Au vu de l'ensemble des résultats, il ne semblait pas raisonnable de poursuivre ce projet dans le cadre de mon travail de thèse. En effet, la production de protéines et domaines recombinants PRODH a été très coûteuse en temps. Près de 20 mois ont été nécessaires pour cloner, produire, et optimiser les conditions d'expression des protéines PRODH, PRO564, PROentier, PROcatal, PROter, et PROinser. Au final, seul le domaine PROentier fait l'objet

de résultats encourageants qui sont cependant insuffisants pour envisager l'analyse structurale. De plus, cette large région de 67 kDa n'est pas adaptée à une étude par RMN, qui représente un des objectifs de mon projet scientifique. La mise au point du protocole

d'expression de la protéine PROentier n'a pas été pour autant inutile.

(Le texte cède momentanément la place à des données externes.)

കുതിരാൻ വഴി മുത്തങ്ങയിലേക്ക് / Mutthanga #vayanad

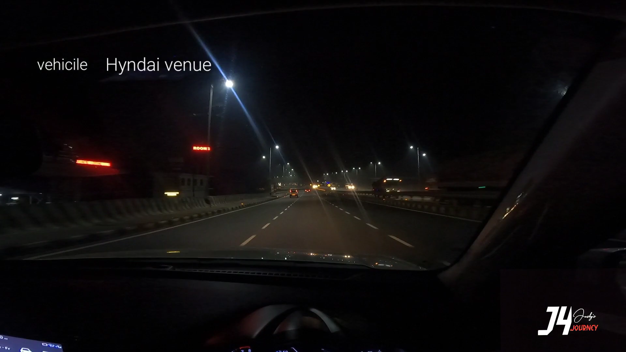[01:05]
കോട്ടയത്ത് നിന്നും രാത്രി 11 മണിയോടുകൂടി ഞങ്ങൾ യാത്ര ആരംഭിച്ചു.
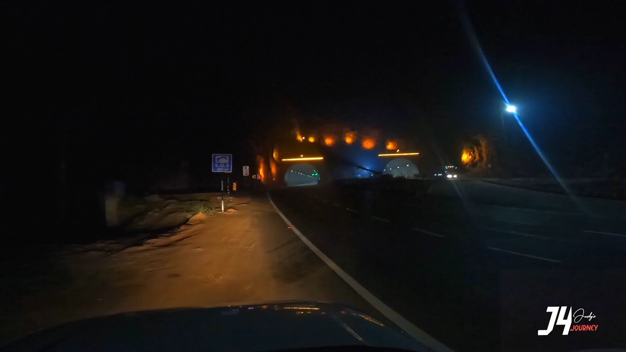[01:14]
നാളെ പകല് വയനാടൻ കാഴ്ചകൾ കാണാം എന്നുള്ളതാണ് ഞങ്ങളുടെ പ്ലാൻ. ദേ, ആ കാണുന്നത് കുതിരാൻ തുരങ്കമാണ്.
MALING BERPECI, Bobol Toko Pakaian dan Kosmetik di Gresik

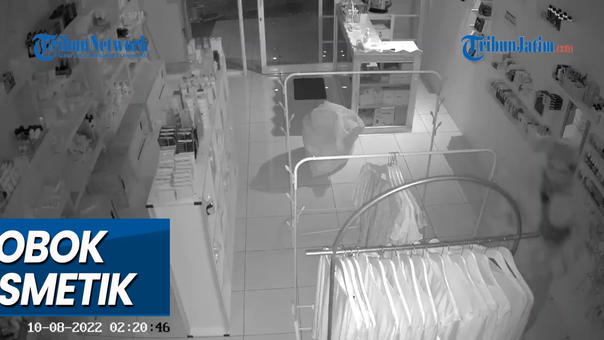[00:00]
. Seorang pria berpeci, terekam kamera CCTV membobol toko pakaian dan kosmetik di Gresik Jawa Timur,
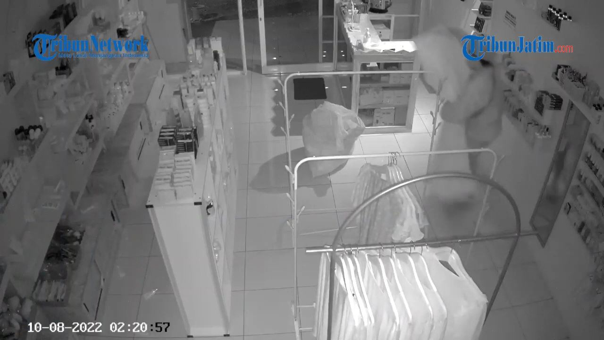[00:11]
pada Senin, 24 Oktober 2022, sekitar pukul 2 waktu setempat. Saat beraksi, pelaku membawa kabur kosmetik hingga pakaian wanita, yang dimasukkan dalam tas plastik warna putih.
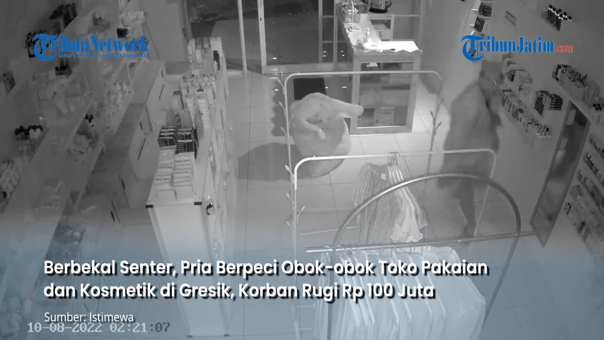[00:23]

En effet, la production

de plusieurs litres de culture serait suffisante pour entreprendre des études biochimiques sur la

protéine PROentier, et ainsi caractériser pour la première fois la nature du cofacteur et/ou de l'inhibiteur compétitif naturel d'une proline déshydrogénase eucaryote. Pour ma part, j'ai entrepris de mettre à profit l'expérience acquise dans le domaine de l'expression de protéines recombinantes pour produire, puis caractériser la structure d'une autre biomolécule : la protéine KIN17, impliquée dans la réparation des dommages de l'ADN.